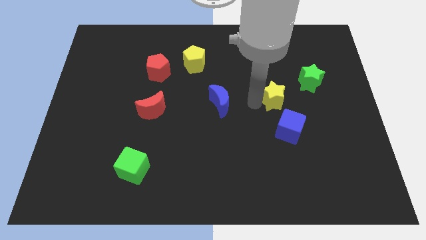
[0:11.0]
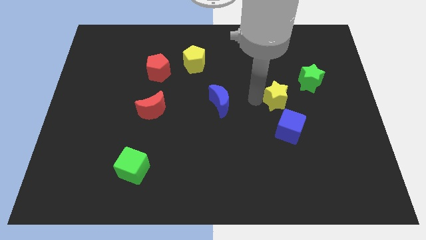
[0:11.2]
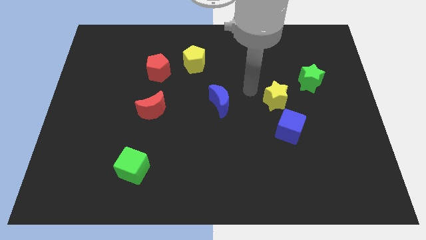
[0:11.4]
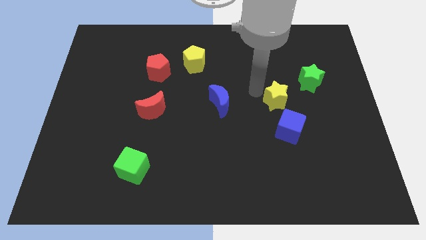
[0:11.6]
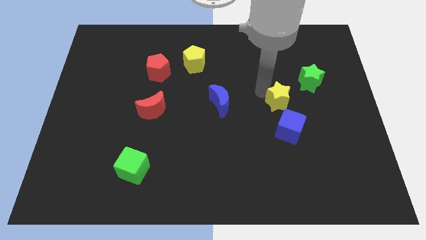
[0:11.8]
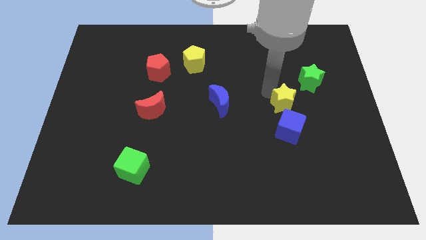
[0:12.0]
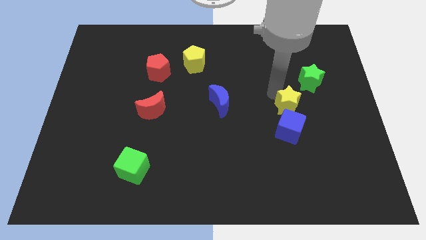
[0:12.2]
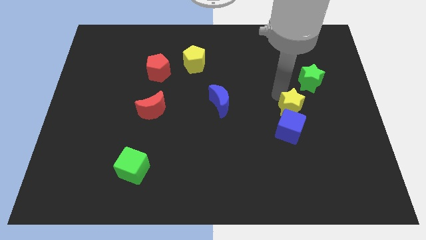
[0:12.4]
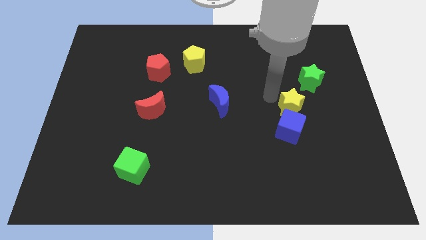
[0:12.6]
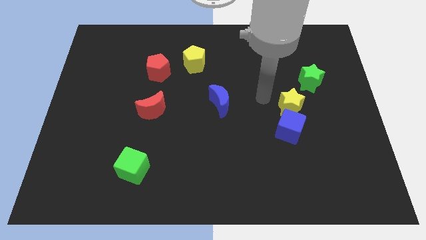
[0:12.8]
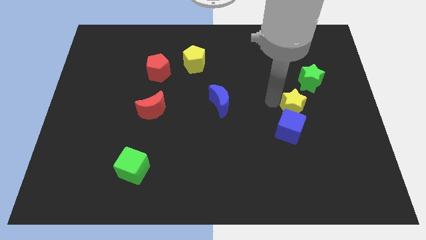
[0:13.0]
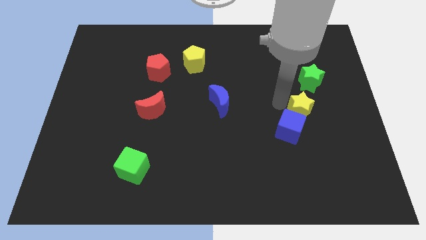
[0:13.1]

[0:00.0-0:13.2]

---

__Task__
Transcribe all of the data above verbatim but omit every picture.

__Task answer__
[0:11.0]
[0:11.2]
[0:11.4]
[0:11.6]
[0:11.8]
[0:12.0]
[0:12.2]
[0:12.4]
[0:12.6]
[0:12.8]
[0:13.0]
[0:13.1]

[0:00.0-0:13.2]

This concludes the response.